I travelled to The Drendtsmuseum in the northern Dutch town of Assen to catch the last day of the Sprezzatura – fifty years of Italian painting 1860-1910 exhibition, wondering whether my insights from Waters’ book may be relevant in the way I viewed the exhibition. The seventy or so paintings from various Italian museums cover very much the Victorian period. In the end though, I have to conclude that I found only limited parallels and overlaps. Britain in the second half of the of the nineteenth century was of course a very different place in comparison to the newly established and unified country of Italy. Equally, northern Europe and southern Europe were in terms of landscape, traditions and politics also very different places.

 

The exhibition pitches in on trying to catch the diversity of artistic focuses in this period, but ultimately seems to get a little stranded in the middle ground between thematic approaches that artists took in their choice of content in the their work and technical and painterly innovations and developments.

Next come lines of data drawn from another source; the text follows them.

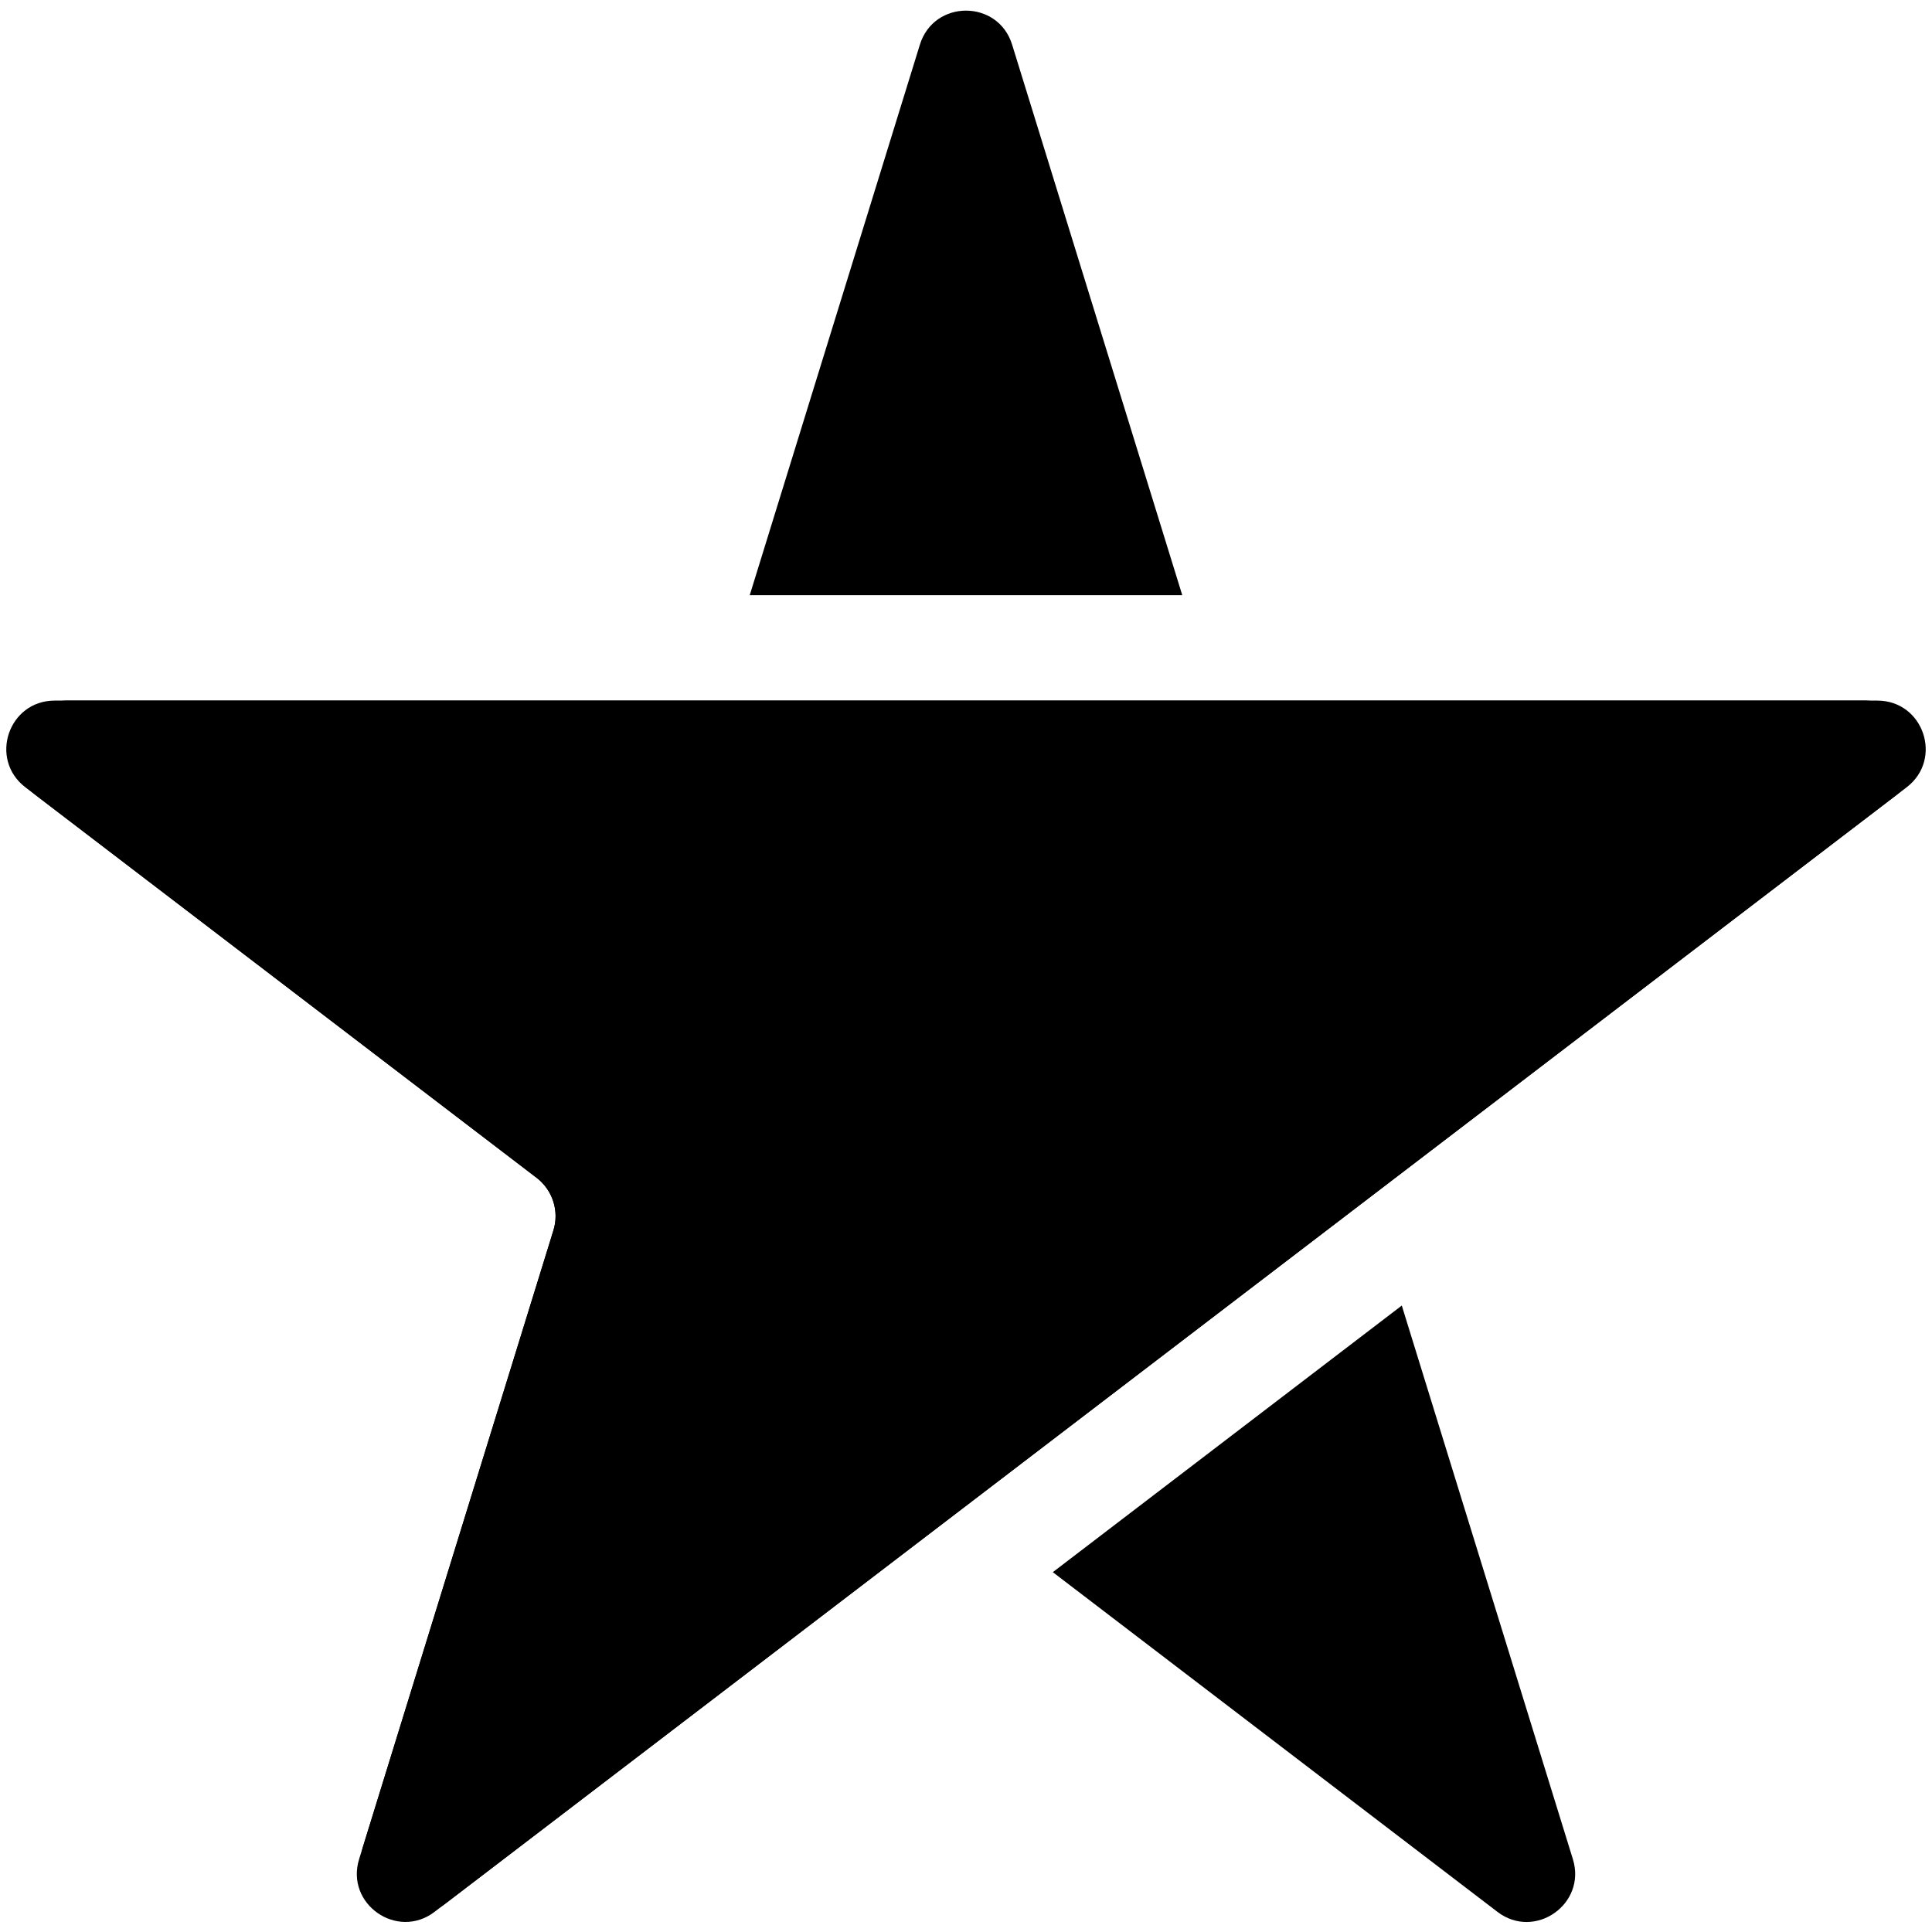 <svg width="16" height="16" viewBox="0 0 16 16" fill="none" xmlns="http://www.w3.org/2000/svg">
<g clip-path="url(#clip0_304_2)">
<rect width="16" height="16" rx="2" fill="none"/>
<mask id="path-2-inside-1_304_2" fill="none">
<path fill-rule="evenodd" clip-rule="evenodd" d="M8.382 0.37C8.266 -0.006 7.734 -0.006 7.618 0.37L6.209 4.929H9.791L8.382 0.37ZM10.342 5.802C10.347 5.802 10.351 5.802 10.356 5.802L15.454 5.802C15.861 5.815 16.032 6.335 15.704 6.585L3.69 15.764C3.355 16.02 2.889 15.699 3.005 15.297L4.583 10.19C4.633 10.03 4.577 9.856 4.444 9.754L4.433 9.746C4.43 9.744 4.427 9.741 4.424 9.739L0.296 6.585C-0.032 6.335 0.139 5.815 0.545 5.802L5.644 5.802C5.649 5.802 5.653 5.802 5.658 5.802H10.342ZM8.719 13.02L11.609 10.812L13.026 15.397C13.141 15.769 12.71 16.07 12.401 15.833L8.719 13.02Z"/>
</mask>
<path fill-rule="evenodd" clip-rule="evenodd" d="M8.382 0.37C8.266 -0.006 7.734 -0.006 7.618 0.37L6.209 4.929H9.791L8.382 0.37ZM10.342 5.802C10.347 5.802 10.351 5.802 10.356 5.802L15.454 5.802C15.861 5.815 16.032 6.335 15.704 6.585L3.69 15.764C3.355 16.02 2.889 15.699 3.005 15.297L4.583 10.19C4.633 10.03 4.577 9.856 4.444 9.754L4.433 9.746C4.43 9.744 4.427 9.741 4.424 9.739L0.296 6.585C-0.032 6.335 0.139 5.815 0.545 5.802L5.644 5.802C5.649 5.802 5.653 5.802 5.658 5.802H10.342ZM8.719 13.02L11.609 10.812L13.026 15.397C13.141 15.769 12.71 16.07 12.401 15.833L8.719 13.02Z" fill="black"/>
<path d="M7.618 0.37L8.191 0.547L8.191 0.547L7.618 0.37ZM8.382 0.37L8.955 0.193L8.955 0.193L8.382 0.37ZM6.209 4.929L5.636 4.752L5.396 5.529H6.209V4.929ZM9.791 4.929V5.529H10.604L10.364 4.752L9.791 4.929ZM10.342 5.802L10.363 5.202L10.352 5.202H10.342V5.802ZM10.356 5.802L10.356 5.202H10.356V5.802ZM15.454 5.802L15.473 5.202L15.464 5.202L15.454 5.202L15.454 5.802ZM15.704 6.585L15.34 6.108L15.34 6.108L15.704 6.585ZM3.69 15.764L4.054 16.24L4.054 16.24L3.69 15.764ZM3.005 15.297L2.432 15.12L2.429 15.13L3.005 15.297ZM4.583 10.19L5.156 10.367L5.156 10.367L4.583 10.19ZM4.444 9.754L4.08 10.231L4.08 10.231L4.444 9.754ZM4.433 9.746L4.056 10.213L4.062 10.218L4.069 10.223L4.433 9.746ZM4.424 9.739L4.788 9.262L4.788 9.262L4.424 9.739ZM0.296 6.585L0.66 6.108L0.66 6.108L0.296 6.585ZM0.545 5.802L0.545 5.202L0.536 5.202L0.527 5.202L0.545 5.802ZM5.644 5.802L5.644 5.202L5.644 5.202L5.644 5.802ZM5.658 5.802V5.202H5.648L5.637 5.202L5.658 5.802ZM11.609 10.812L12.182 10.635L11.928 9.813L11.245 10.335L11.609 10.812ZM8.719 13.02L8.355 12.543L7.73 13.02L8.355 13.497L8.719 13.02ZM13.026 15.397L13.599 15.22L13.599 15.22L13.026 15.397ZM12.401 15.833L12.765 15.356L12.765 15.356L12.401 15.833ZM8.191 0.547C8.133 0.735 7.867 0.735 7.809 0.547L8.955 0.193C8.665 -0.747 7.335 -0.747 7.045 0.193L8.191 0.547ZM6.782 5.106L8.191 0.547L7.045 0.193L5.636 4.752L6.782 5.106ZM6.209 5.529H9.791V4.329H6.209V5.529ZM7.809 0.547L9.218 5.106L10.364 4.752L8.955 0.193L7.809 0.547ZM10.322 6.402C10.333 6.402 10.345 6.402 10.356 6.402V5.202C10.358 5.202 10.36 5.202 10.363 5.202L10.322 6.402ZM10.356 6.402L15.454 6.402L15.454 5.202L10.356 5.202L10.356 6.402ZM16.069 7.062C16.848 6.467 16.44 5.232 15.473 5.202L15.436 6.402C15.406 6.401 15.368 6.389 15.337 6.363C15.308 6.34 15.292 6.313 15.284 6.289C15.276 6.264 15.273 6.232 15.283 6.196C15.295 6.156 15.318 6.125 15.34 6.108L16.069 7.062ZM4.054 16.24L16.069 7.062L15.34 6.108L3.326 15.287L4.054 16.24ZM2.429 15.13C2.153 16.086 3.257 16.849 4.054 16.24L3.326 15.287C3.348 15.27 3.385 15.255 3.428 15.255C3.466 15.255 3.496 15.267 3.517 15.282C3.539 15.296 3.56 15.32 3.574 15.355C3.59 15.395 3.59 15.435 3.582 15.463L2.429 15.13ZM3.578 15.474L5.156 10.367L4.01 10.013L2.432 15.12L3.578 15.474ZM5.156 10.367C5.28 9.967 5.141 9.532 4.808 9.278L4.08 10.231C4.013 10.18 3.985 10.093 4.01 10.013L5.156 10.367ZM4.808 9.278L4.797 9.27L4.069 10.223L4.08 10.231L4.808 9.278ZM4.059 10.216C4.058 10.215 4.057 10.214 4.056 10.213L4.811 9.28C4.803 9.274 4.795 9.268 4.788 9.262L4.059 10.216ZM-0.069 7.062L4.059 10.216L4.788 9.262L0.66 6.108L-0.069 7.062ZM0.527 5.202C-0.44 5.232 -0.848 6.467 -0.069 7.062L0.66 6.108C0.682 6.125 0.705 6.156 0.717 6.196C0.727 6.232 0.724 6.264 0.716 6.289C0.708 6.313 0.692 6.34 0.663 6.363C0.631 6.389 0.594 6.401 0.564 6.402L0.527 5.202ZM0.545 6.402L5.644 6.402L5.644 5.202L0.545 5.202L0.545 6.402ZM5.644 6.402C5.655 6.402 5.667 6.402 5.678 6.402L5.637 5.202C5.64 5.202 5.642 5.202 5.644 5.202V6.402ZM10.342 5.202H5.658V6.402H10.342V5.202ZM11.245 10.335L8.355 12.543L9.083 13.497L11.973 11.289L11.245 10.335ZM11.036 10.989L12.453 15.574L13.599 15.22L12.182 10.635L11.036 10.989ZM12.453 15.574C12.395 15.388 12.61 15.238 12.765 15.356L12.037 16.31C12.81 16.901 13.887 16.15 13.599 15.22L12.453 15.574ZM12.765 15.356L9.083 12.543L8.355 13.497L12.037 16.31L12.765 15.356Z" fill="black" mask="url(#path-2-inside-1_304_2)"/>
<path d="M10.061 5.802L15.547 5.802C15.93 5.802 16.094 6.287 15.79 6.52L11.335 9.923L8 12.471L3.599 15.833C3.29 16.069 2.859 15.769 2.974 15.397L4.583 10.19C4.633 10.03 4.577 9.856 4.444 9.754L0.21 6.52C-0.094 6.287 0.07 5.802 0.453 5.802L5.939 5.802H10.061Z" fill="black"/>
</g>
<defs>
<clipPath id="clip0_304_2">
<rect width="16" height="16" rx="2" fill="none"/>
</clipPath>
</defs>
</svg>

We move from history painting to travel paintings, from gritty realism to luscious handling in idealized figure painting and from innovative painterly technical experiments to gushing symbolism. There is also space for sentimentality and tragedy. All in all, although I really quite enjoyed looking at the displayed work, it left me feeling a little confused by the switch from one sub-group of paintings to the next.

Italy must have been a country searching for an identity in this turbulent period, and in this sense the curating of the exhibition may well be an appropriate and fitting approach. But in terms of a clear direction or theme that helps the viewer work their way through an exhibition it was a difficult path to find.

In the train on the way home I’ll be returning to my book. Fingersmith certainly has an easier narrative to follow.